Spatial arrangements of spherical nanoparticles on lipid vesicles

We report results of a numerical investigation of the modes of adhesion of two spherical nanoparticles (NPs) on lipid vesicles based on molecular dynamics simulations, in conjunction with the weighted histogram analysis method, of an implicit-solvent model of self-assembled membranes. Our investigation shows that the NPs exhibit a sequence of three modes of adhesion. For low adhesive interactions, the adhering NPs are apart from each other. As the adhesive interaction is increased, the NPs dimerize into in-plane dimers. As the adhesive interaction is further increased for relatively large vesicles, the NPs dimerize into tubular dimers. However, for small vesicles, the tubular dimer state is not observed. For higher values of the adhesive interaction, four endocytosis modes are observed, depending on the initial locations of the NPs on the vesicle and the relative size of the NPs with respect to that of the vesicle. For relatively large vesicles, the NPs are endocytosed individually or as a dimer.

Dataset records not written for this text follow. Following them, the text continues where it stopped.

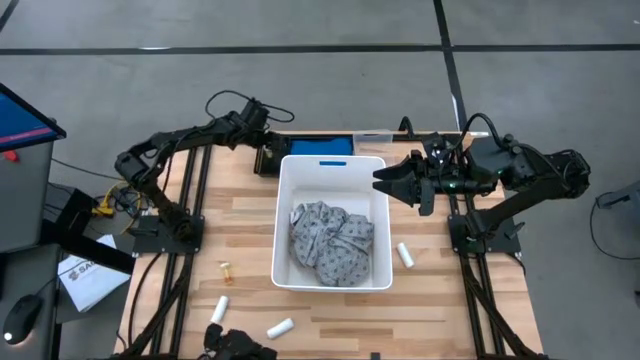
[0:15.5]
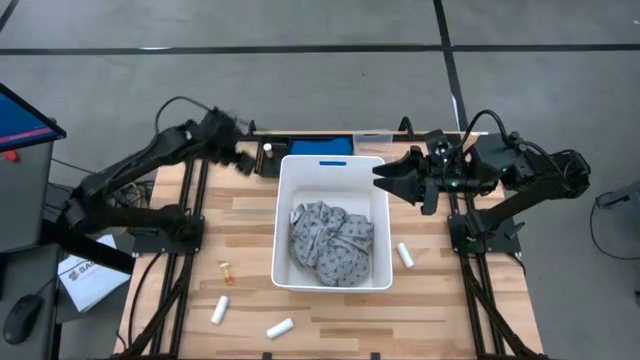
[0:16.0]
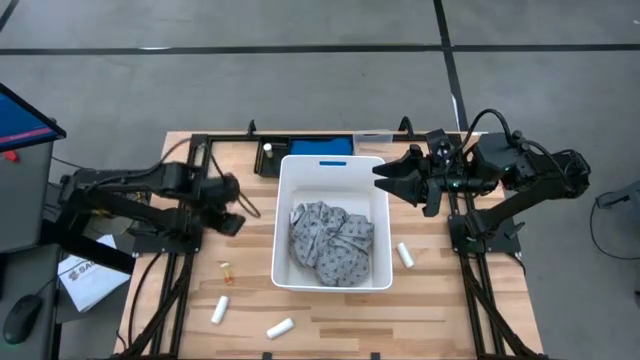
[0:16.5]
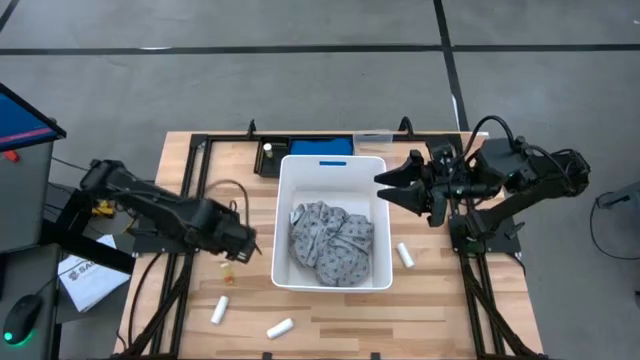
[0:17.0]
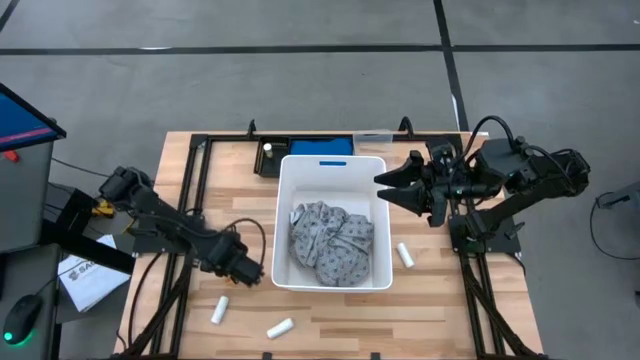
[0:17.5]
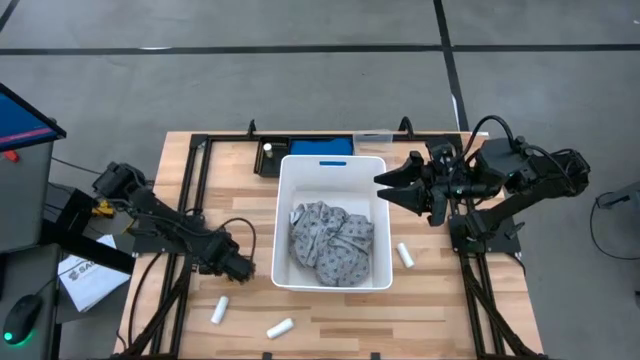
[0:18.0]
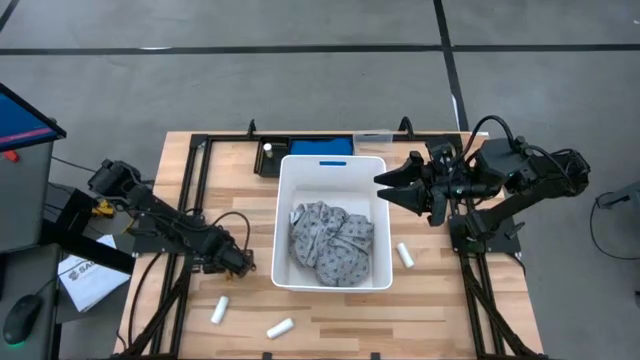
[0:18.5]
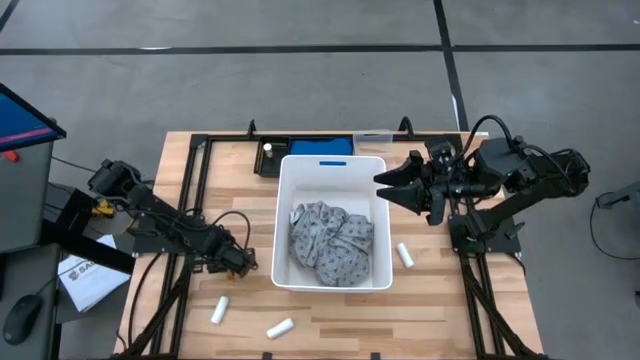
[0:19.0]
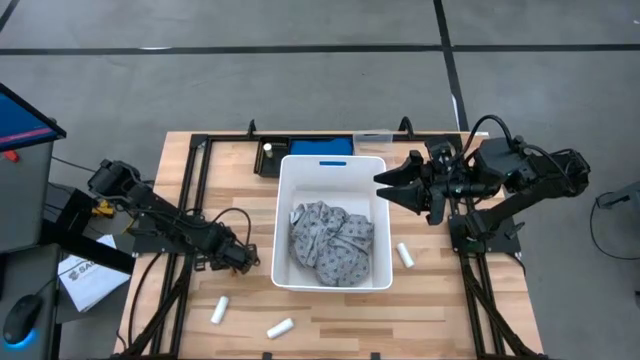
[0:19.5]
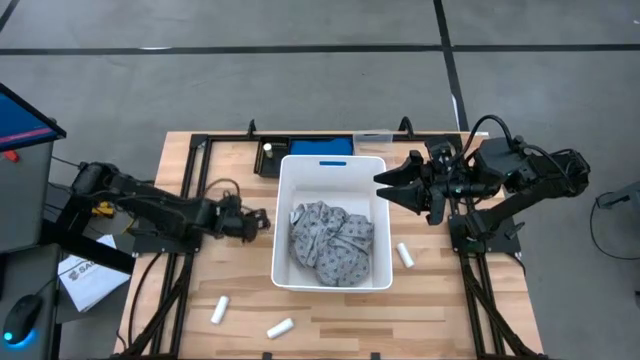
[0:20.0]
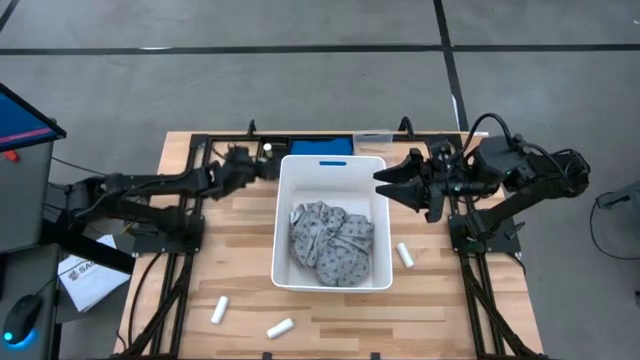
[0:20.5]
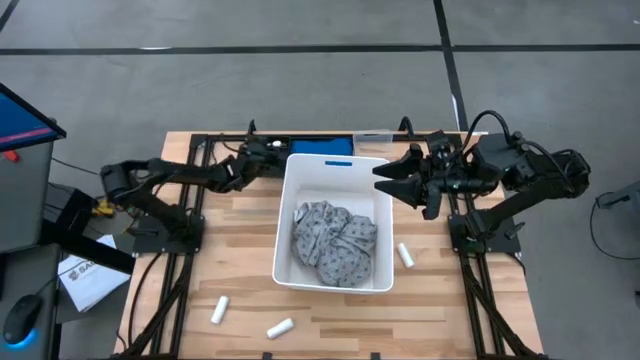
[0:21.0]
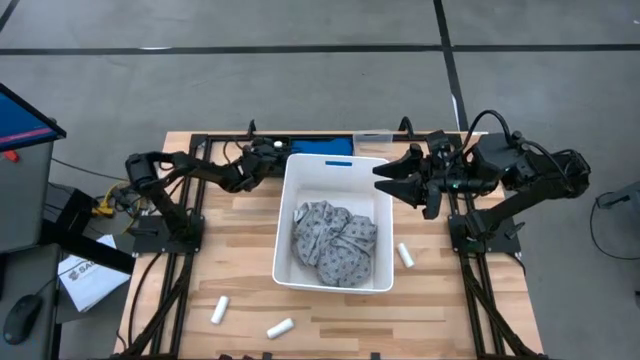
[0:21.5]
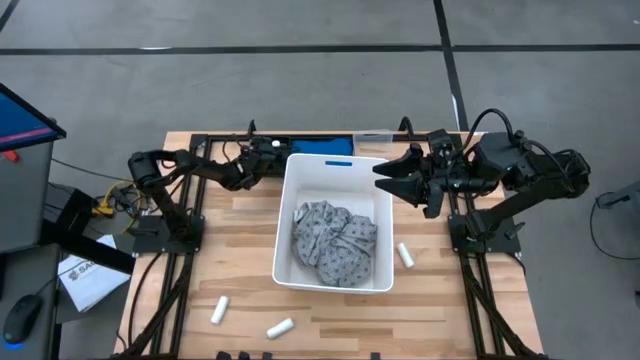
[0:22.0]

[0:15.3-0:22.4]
Task: Pick & place medical supplies in basket/bin
Put the yellow pill bottle into the left black bin

For relatively small vesicles, only one NP is endocytosed if the initial distance between the NPs is large, while the second NP remains adhered to the outer leaflet of the vesicle. However, if the initial distance between the NPs is small, one NP is endocytosed, while the other is internalized in the vesicle through a pore.

Automated summary

The study reveals three modes of adhesion of two spherical nanoparticles on lipid vesicles: separate adhesion, in-plane dimers, and tubular dimers. Depending on the size of the vesicle and initial locations of the nanoparticles, four endocytosis modes are observed for different adhesive interactions. For large vesicles, nanoparticles are endocytosed individually or as a dimer, while for small vesicles, the endocytosis behavior varies with the initial distance between the nanoparticles.